INSTRUCTIONS FOR THE TASK: All lines in the material below that hold "forward" should be found and copied.
━━━ MATERIAL PROVIDED ━━━
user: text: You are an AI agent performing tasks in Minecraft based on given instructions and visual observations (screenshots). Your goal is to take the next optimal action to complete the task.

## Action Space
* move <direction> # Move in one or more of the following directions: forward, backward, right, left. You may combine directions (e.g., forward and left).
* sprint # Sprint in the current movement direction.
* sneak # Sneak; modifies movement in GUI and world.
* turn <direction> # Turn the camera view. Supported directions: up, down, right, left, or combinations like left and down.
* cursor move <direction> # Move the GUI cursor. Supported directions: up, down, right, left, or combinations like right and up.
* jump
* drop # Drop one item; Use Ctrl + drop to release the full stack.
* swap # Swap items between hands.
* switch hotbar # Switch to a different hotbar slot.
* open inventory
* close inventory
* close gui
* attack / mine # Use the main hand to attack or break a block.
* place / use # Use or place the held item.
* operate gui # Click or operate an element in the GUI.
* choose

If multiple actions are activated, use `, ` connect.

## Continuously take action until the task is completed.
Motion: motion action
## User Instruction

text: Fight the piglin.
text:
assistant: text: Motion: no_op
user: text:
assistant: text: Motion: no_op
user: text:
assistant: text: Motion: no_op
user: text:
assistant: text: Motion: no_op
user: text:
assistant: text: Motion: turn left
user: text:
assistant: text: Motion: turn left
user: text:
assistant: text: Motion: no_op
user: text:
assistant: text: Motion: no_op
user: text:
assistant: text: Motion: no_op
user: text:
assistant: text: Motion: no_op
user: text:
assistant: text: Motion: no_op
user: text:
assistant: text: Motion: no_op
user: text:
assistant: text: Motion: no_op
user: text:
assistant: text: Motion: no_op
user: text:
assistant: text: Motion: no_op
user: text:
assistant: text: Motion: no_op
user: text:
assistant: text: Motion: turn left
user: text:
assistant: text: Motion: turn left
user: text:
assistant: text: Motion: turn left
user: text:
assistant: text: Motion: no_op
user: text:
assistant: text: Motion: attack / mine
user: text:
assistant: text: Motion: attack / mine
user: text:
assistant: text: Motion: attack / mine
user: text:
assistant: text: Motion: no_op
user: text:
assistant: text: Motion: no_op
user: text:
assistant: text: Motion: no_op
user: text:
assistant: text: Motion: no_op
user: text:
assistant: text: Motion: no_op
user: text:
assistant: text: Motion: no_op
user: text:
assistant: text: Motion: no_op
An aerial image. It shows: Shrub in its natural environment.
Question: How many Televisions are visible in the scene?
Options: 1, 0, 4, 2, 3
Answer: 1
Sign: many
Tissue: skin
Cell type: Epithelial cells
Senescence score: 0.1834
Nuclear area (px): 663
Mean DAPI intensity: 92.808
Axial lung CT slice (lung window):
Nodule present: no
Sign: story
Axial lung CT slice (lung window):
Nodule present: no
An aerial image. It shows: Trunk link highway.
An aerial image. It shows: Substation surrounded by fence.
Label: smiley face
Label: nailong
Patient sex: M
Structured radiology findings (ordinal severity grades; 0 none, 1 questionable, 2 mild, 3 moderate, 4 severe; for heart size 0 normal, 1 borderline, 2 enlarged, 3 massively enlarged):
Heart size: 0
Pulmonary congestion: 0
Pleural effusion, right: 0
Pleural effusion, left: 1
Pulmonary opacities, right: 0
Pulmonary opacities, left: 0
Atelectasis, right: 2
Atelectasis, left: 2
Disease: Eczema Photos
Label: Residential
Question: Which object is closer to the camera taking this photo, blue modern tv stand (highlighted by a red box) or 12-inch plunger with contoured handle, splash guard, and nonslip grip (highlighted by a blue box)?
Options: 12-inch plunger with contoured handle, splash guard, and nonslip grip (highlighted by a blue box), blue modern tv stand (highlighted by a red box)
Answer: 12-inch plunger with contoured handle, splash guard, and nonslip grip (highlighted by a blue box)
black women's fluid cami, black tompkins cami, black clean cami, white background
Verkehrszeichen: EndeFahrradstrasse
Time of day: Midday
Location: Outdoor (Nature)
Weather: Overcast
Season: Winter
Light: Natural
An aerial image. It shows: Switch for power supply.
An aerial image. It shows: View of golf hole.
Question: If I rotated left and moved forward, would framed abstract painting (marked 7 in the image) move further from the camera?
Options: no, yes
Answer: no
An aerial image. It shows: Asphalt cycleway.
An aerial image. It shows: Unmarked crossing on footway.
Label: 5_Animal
━━━
ANSWER SPACE:
* move <direction> # Move in one or more of the following directions: forward, backward, right, left. You may combine directions (e.g., forward and left).
Question: If I rotated left and moved forward, would framed abstract painting (marked 7 in the image) move further from the camera?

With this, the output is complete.